*WHAT TO WORK ON:* Please output every entry below exactly as written, leaving out any pictures.

[Stored entries]
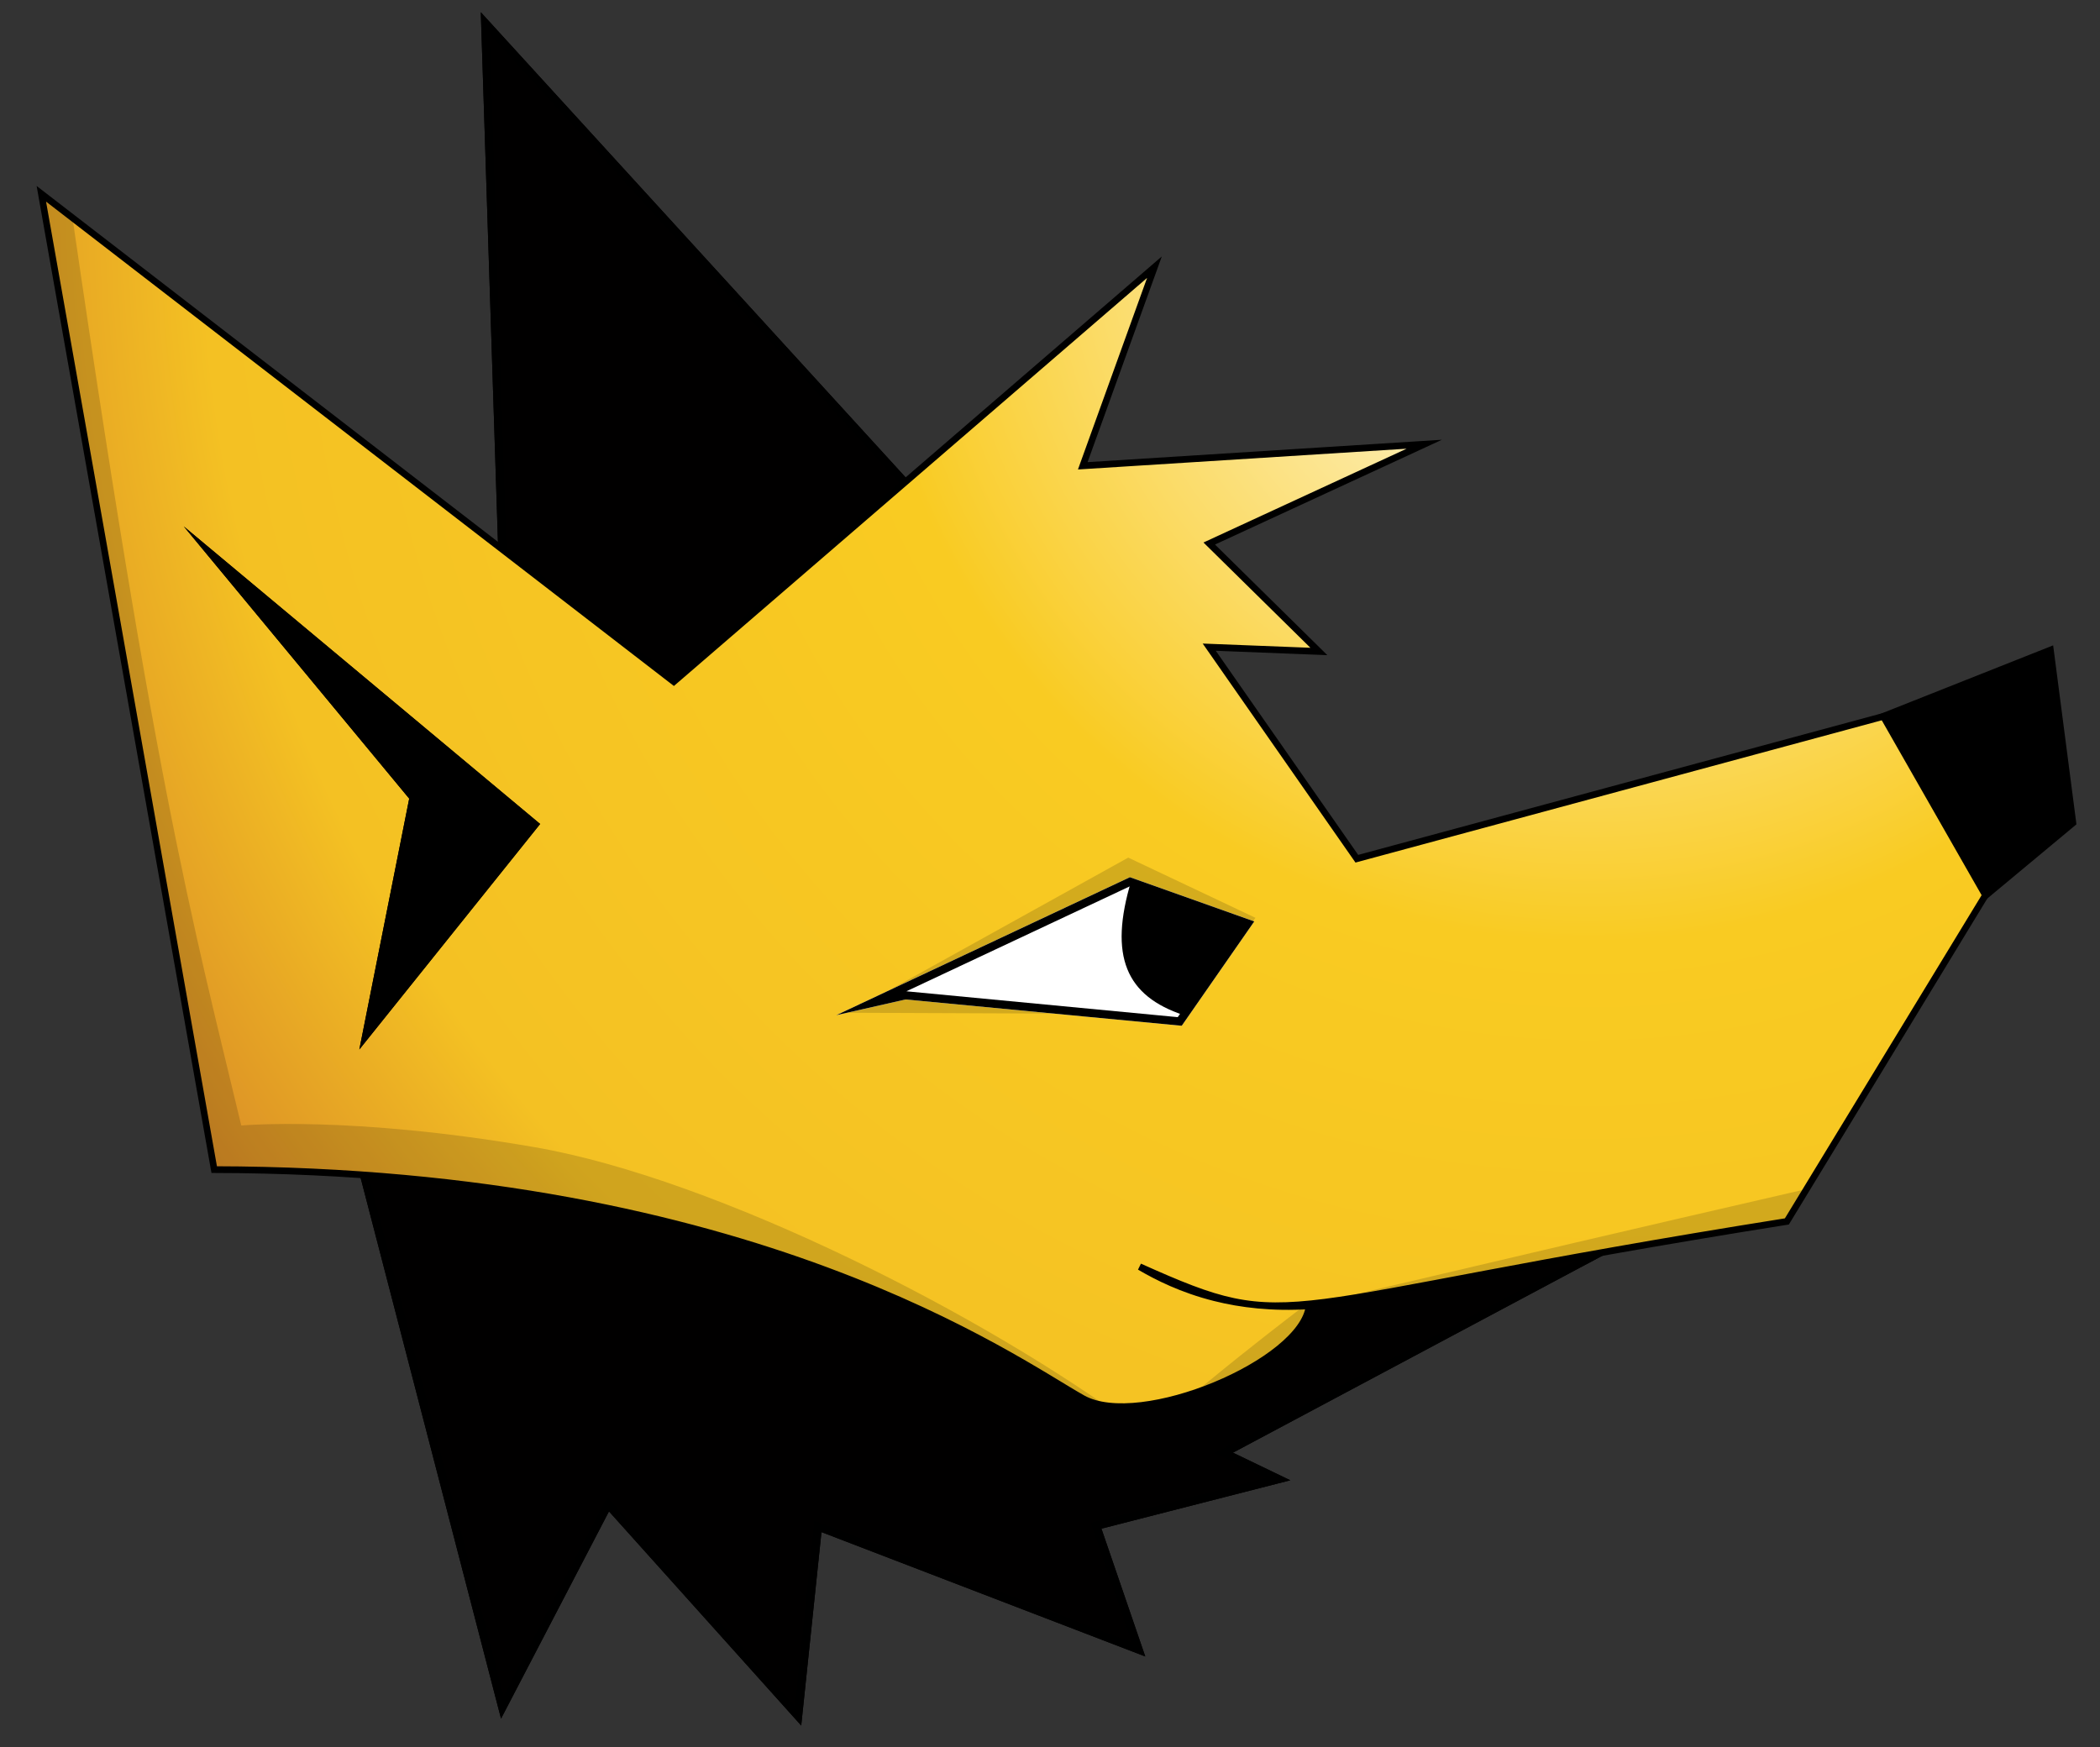 <?xml version="1.0" encoding="UTF-8" standalone="no"?>
<!DOCTYPE svg PUBLIC "-//W3C//DTD SVG 1.1//EN" "http://www.w3.org/Graphics/SVG/1.1/DTD/svg11.dtd">
<svg width="100%" height="100%" viewBox="0 0 256 213" version="1.1" xmlns="http://www.w3.org/2000/svg" xmlns:xlink="http://www.w3.org/1999/xlink" xml:space="preserve" xmlns:serif="http://www.serif.com/" style="fill-rule:evenodd;clip-rule:evenodd;stroke-linecap:round;stroke-miterlimit:16;">
    <rect x="0" y="0" width="256" height="213" fill="#333333" stroke="none"/>
    <g transform="matrix(1,0,0,1,-271.531,-57.545)">
        <g id="TrimFox256" transform="matrix(0.325,0,0,0.361,473.822,562.654)">
            <rect x="-622.873" y="-1400.32" width="788.246" height="590.301" style="fill:none;"/>
            <clipPath id="_clip1">
                <rect x="-622.873" y="-1400.32" width="788.246" height="590.301"/>
            </clipPath>
            <g clip-path="url(#_clip1)">
                <g transform="matrix(9.099,0,0,8.39,-665.917,-1494.76)">
                    <path d="M24.599,11.882L25.433,37.05L19.037,56.516L25.433,80.572L29.883,72.229L37.808,80.85L38.643,73.063L51.991,78.069L50.184,72.924L57.97,70.977L55.606,69.865L75.907,59.297L62.837,50.259L45.178,34.686L42.675,31.21L24.599,11.882Z" style="fill:rgb(1,0,0);"/>
                    <path d="M24.599,11.882L25.433,37.05L19.037,56.516L25.433,80.572L29.883,72.229L37.808,80.85L38.643,73.063L51.991,78.069L50.184,72.924L57.97,70.977L55.606,69.865L75.907,59.297L62.837,50.259L45.178,34.686L42.675,31.21L24.599,11.882ZM24.967,12.766L42.411,31.417C42.411,31.417 44.923,34.906 44.923,34.906L62.625,50.518L75.264,59.258C75.264,59.258 54.859,69.88 54.859,69.88L56.988,70.882C56.988,70.882 49.745,72.693 49.745,72.693L51.436,77.507C51.436,77.507 38.352,72.6 38.352,72.6L37.551,80.075C37.551,80.075 29.808,71.653 29.808,71.653L25.54,79.657C25.54,79.657 19.389,56.526 19.389,56.526C19.389,56.526 25.773,37.096 25.773,37.096L24.967,12.766Z"/>
                    <path d="M6.483,19.191L13.609,58.471C35.895,58.512 46.663,66.185 49.414,67.683C51.784,68.974 58.477,66.227 58.744,63.953C57.226,64.047 55.935,63.894 54.856,63.629C53.499,63.297 52.476,62.79 51.758,62.38C58.299,65.246 56.722,63.927 78.44,60.557L86.783,47.174L82.438,40.222L60.712,45.957L54.628,37.441L59.147,37.614L54.628,33.269L63.493,29.272L49.414,30.141L52.369,22.145L32.555,38.831L6.483,19.191Z" style="fill:url(#_Radial2);"/>
                    <clipPath id="_clip3">
                        <path d="M6.483,19.191L13.609,58.471C35.895,58.512 46.663,66.185 49.414,67.683C51.784,68.974 58.477,66.227 58.744,63.953C57.226,64.047 55.935,63.894 54.856,63.629C53.499,63.297 52.476,62.79 51.758,62.38C58.299,65.246 56.722,63.927 78.44,60.557L86.783,47.174L82.438,40.222L60.712,45.957L54.628,37.441L59.147,37.614L54.628,33.269L63.493,29.272L49.414,30.141L52.369,22.145L32.555,38.831L6.483,19.191Z"/>
                    </clipPath>
                    <g clip-path="url(#_clip3)">
                        <g transform="matrix(0.338,0,0,0.33,-31.206,7.44)">
                            <path d="M113.321,24.651C124.907,106.817 130.093,124.979 135.89,149.262C135.89,149.262 149.229,148.018 171.665,151.903C194.101,155.788 227.006,172.676 244.895,185.997L183.641,161.821L128.736,155.306C128.562,103.775 97.306,30.852 113.321,24.651Z" style="fill-opacity:0.15;"/>
                        </g>
                        <g transform="matrix(0.443,0,0,0.24,-52.92,18.909)">
                            <path d="M209.209,138.536L240.357,138.766L247.074,122.613L235.235,112.513L209.209,138.536Z" style="fill-opacity:0.15;"/>
                        </g>
                        <g transform="matrix(-0.448,0.286,0.25,0.373,164.436,-85.002)">
                            <path d="M270.771,174.671C288.424,166.843 318.162,154.267 321.43,152.886C321.624,152.804 321.831,152.77 322.037,152.787C324.198,152.97 336.928,154.101 341.3,155.763C319.711,169.749 294.921,170.929 270.771,174.671Z" style="fill-opacity:0.15;"/>
                        </g>
                    </g>
                    <path d="M6.483,19.191L13.609,58.471C35.895,58.512 46.663,66.185 49.414,67.683C51.784,68.974 58.477,66.227 58.744,63.953C57.226,64.047 55.935,63.894 54.856,63.629C53.499,63.297 52.476,62.79 51.758,62.38C58.299,65.246 56.722,63.927 78.44,60.557L86.783,47.174L82.438,40.222L60.712,45.957L54.628,37.441L59.147,37.614L54.628,33.269L63.493,29.272L49.414,30.141L52.369,22.145L32.555,38.831L6.483,19.191Z" style="fill:none;stroke:black;stroke-width:0.27px;"/>
                    <path d="M82.458,40.241L89.281,37.598L90.201,44.503L86.642,47.395L82.458,40.241Z" style="stroke:black;stroke-width:0.33px;stroke-miterlimit:9;"/>
                    <path d="M39.255,52.254L51.358,46.701L56.484,48.481L53.494,52.681L42.11,51.622L39.255,52.254Z" style="fill:white;"/>
                    <path d="M39.255,52.254L51.358,46.701L56.484,48.481L53.494,52.681L42.11,51.622L39.255,52.254ZM42.144,51.293L51.376,47.058C51.376,47.058 55.953,48.647 55.953,48.647C55.953,48.647 53.329,52.334 53.329,52.334L42.144,51.293Z"/>
                    <g transform="matrix(0.972,0,0,1,1.447,0)">
                        <path d="M53.636,52.254C51.181,51.485 50.443,49.884 51.406,46.838L56.434,48.576L53.636,52.254Z"/>
                    </g>
                    <path d="M19.592,53.635L21.648,43.537L12.356,32.581L27.045,44.558L19.592,53.635Z"/>
                    <path d="M19.592,53.635L21.648,43.537L12.356,32.581L27.045,44.558L19.592,53.635ZM20.075,52.623L21.914,43.589C21.93,43.51 21.909,43.429 21.857,43.368L14.448,34.632C14.448,34.632 26.667,44.595 26.667,44.595L20.075,52.623Z"/>
                </g>
            </g>
        </g>
    </g>
    <defs>
        <radialGradient id="_Radial2" cx="0" cy="0" r="1" gradientUnits="userSpaceOnUse" gradientTransform="matrix(-63.764,28.37,-29.053,-62.264,69.698,20.309)"><stop offset="0" style="stop-color:white;stop-opacity:1"/><stop offset="0.42" style="stop-color:rgb(249,203,34);stop-opacity:1"/><stop offset="0.8" style="stop-color:rgb(244,193,35);stop-opacity:1"/><stop offset="1" style="stop-color:rgb(213,131,39);stop-opacity:1"/></radialGradient>
    </defs>
</svg>

*WRITTEN SOLUTION:*
 <?xml version="1.0" encoding="UTF-8" standalone="no"?>
<!DOCTYPE svg PUBLIC "-//W3C//DTD SVG 1.1//EN" "http://www.w3.org/Graphics/SVG/1.1/DTD/svg11.dtd">
<svg width="100%" height="100%" viewBox="0 0 256 213" version="1.1" xmlns="http://www.w3.org/2000/svg" xmlns:xlink="http://www.w3.org/1999/xlink" xml:space="preserve" xmlns:serif="http://www.serif.com/" style="fill-rule:evenodd;clip-rule:evenodd;stroke-linecap:round;stroke-miterlimit:16;">
    <rect x="0" y="0" width="256" height="213" fill="#333333" stroke="none"/>
    <g transform="matrix(1,0,0,1,-271.531,-57.545)">
        <g id="TrimFox256" transform="matrix(0.325,0,0,0.361,473.822,562.654)">
            <rect x="-622.873" y="-1400.32" width="788.246" height="590.301" style="fill:none;"/>
            <clipPath id="_clip1">
                <rect x="-622.873" y="-1400.32" width="788.246" height="590.301"/>
            </clipPath>
            <g clip-path="url(#_clip1)">
                <g transform="matrix(9.099,0,0,8.39,-665.917,-1494.76)">
                    <path d="M24.599,11.882L25.433,37.05L19.037,56.516L25.433,80.572L29.883,72.229L37.808,80.85L38.643,73.063L51.991,78.069L50.184,72.924L57.97,70.977L55.606,69.865L75.907,59.297L62.837,50.259L45.178,34.686L42.675,31.21L24.599,11.882Z" style="fill:rgb(1,0,0);"/>
                    <path d="M24.599,11.882L25.433,37.05L19.037,56.516L25.433,80.572L29.883,72.229L37.808,80.85L38.643,73.063L51.991,78.069L50.184,72.924L57.97,70.977L55.606,69.865L75.907,59.297L62.837,50.259L45.178,34.686L42.675,31.21L24.599,11.882ZM24.967,12.766L42.411,31.417C42.411,31.417 44.923,34.906 44.923,34.906L62.625,50.518L75.264,59.258C75.264,59.258 54.859,69.88 54.859,69.88L56.988,70.882C56.988,70.882 49.745,72.693 49.745,72.693L51.436,77.507C51.436,77.507 38.352,72.6 38.352,72.6L37.551,80.075C37.551,80.075 29.808,71.653 29.808,71.653L25.54,79.657C25.54,79.657 19.389,56.526 19.389,56.526C19.389,56.526 25.773,37.096 25.773,37.096L24.967,12.766Z"/>
                    <path d="M6.483,19.191L13.609,58.471C35.895,58.512 46.663,66.185 49.414,67.683C51.784,68.974 58.477,66.227 58.744,63.953C57.226,64.047 55.935,63.894 54.856,63.629C53.499,63.297 52.476,62.79 51.758,62.38C58.299,65.246 56.722,63.927 78.44,60.557L86.783,47.174L82.438,40.222L60.712,45.957L54.628,37.441L59.147,37.614L54.628,33.269L63.493,29.272L49.414,30.141L52.369,22.145L32.555,38.831L6.483,19.191Z" style="fill:url(#_Radial2);"/>
                    <clipPath id="_clip3">
                        <path d="M6.483,19.191L13.609,58.471C35.895,58.512 46.663,66.185 49.414,67.683C51.784,68.974 58.477,66.227 58.744,63.953C57.226,64.047 55.935,63.894 54.856,63.629C53.499,63.297 52.476,62.79 51.758,62.38C58.299,65.246 56.722,63.927 78.44,60.557L86.783,47.174L82.438,40.222L60.712,45.957L54.628,37.441L59.147,37.614L54.628,33.269L63.493,29.272L49.414,30.141L52.369,22.145L32.555,38.831L6.483,19.191Z"/>
                    </clipPath>
                    <g clip-path="url(#_clip3)">
                        <g transform="matrix(0.338,0,0,0.33,-31.206,7.44)">
                            <path d="M113.321,24.651C124.907,106.817 130.093,124.979 135.89,149.262C135.89,149.262 149.229,148.018 171.665,151.903C194.101,155.788 227.006,172.676 244.895,185.997L183.641,161.821L128.736,155.306C128.562,103.775 97.306,30.852 113.321,24.651Z" style="fill-opacity:0.15;"/>
                        </g>
                        <g transform="matrix(0.443,0,0,0.24,-52.92,18.909)">
                            <path d="M209.209,138.536L240.357,138.766L247.074,122.613L235.235,112.513L209.209,138.536Z" style="fill-opacity:0.15;"/>
                        </g>
                        <g transform="matrix(-0.448,0.286,0.25,0.373,164.436,-85.002)">
                            <path d="M270.771,174.671C288.424,166.843 318.162,154.267 321.43,152.886C321.624,152.804 321.831,152.77 322.037,152.787C324.198,152.97 336.928,154.101 341.3,155.763C319.711,169.749 294.921,170.929 270.771,174.671Z" style="fill-opacity:0.15;"/>
                        </g>
                    </g>
                    <path d="M6.483,19.191L13.609,58.471C35.895,58.512 46.663,66.185 49.414,67.683C51.784,68.974 58.477,66.227 58.744,63.953C57.226,64.047 55.935,63.894 54.856,63.629C53.499,63.297 52.476,62.79 51.758,62.38C58.299,65.246 56.722,63.927 78.44,60.557L86.783,47.174L82.438,40.222L60.712,45.957L54.628,37.441L59.147,37.614L54.628,33.269L63.493,29.272L49.414,30.141L52.369,22.145L32.555,38.831L6.483,19.191Z" style="fill:none;stroke:black;stroke-width:0.27px;"/>
                    <path d="M82.458,40.241L89.281,37.598L90.201,44.503L86.642,47.395L82.458,40.241Z" style="stroke:black;stroke-width:0.33px;stroke-miterlimit:9;"/>
                    <path d="M39.255,52.254L51.358,46.701L56.484,48.481L53.494,52.681L42.11,51.622L39.255,52.254Z" style="fill:white;"/>
                    <path d="M39.255,52.254L51.358,46.701L56.484,48.481L53.494,52.681L42.11,51.622L39.255,52.254ZM42.144,51.293L51.376,47.058C51.376,47.058 55.953,48.647 55.953,48.647C55.953,48.647 53.329,52.334 53.329,52.334L42.144,51.293Z"/>
                    <g transform="matrix(0.972,0,0,1,1.447,0)">
                        <path d="M53.636,52.254C51.181,51.485 50.443,49.884 51.406,46.838L56.434,48.576L53.636,52.254Z"/>
                    </g>
                    <path d="M19.592,53.635L21.648,43.537L12.356,32.581L27.045,44.558L19.592,53.635Z"/>
                    <path d="M19.592,53.635L21.648,43.537L12.356,32.581L27.045,44.558L19.592,53.635ZM20.075,52.623L21.914,43.589C21.93,43.51 21.909,43.429 21.857,43.368L14.448,34.632C14.448,34.632 26.667,44.595 26.667,44.595L20.075,52.623Z"/>
                </g>
            </g>
        </g>
    </g>
    <defs>
        <radialGradient id="_Radial2" cx="0" cy="0" r="1" gradientUnits="userSpaceOnUse" gradientTransform="matrix(-63.764,28.37,-29.053,-62.264,69.698,20.309)"><stop offset="0" style="stop-color:white;stop-opacity:1"/><stop offset="0.42" style="stop-color:rgb(249,203,34);stop-opacity:1"/><stop offset="0.8" style="stop-color:rgb(244,193,35);stop-opacity:1"/><stop offset="1" style="stop-color:rgb(213,131,39);stop-opacity:1"/></radialGradient>
    </defs>
</svg>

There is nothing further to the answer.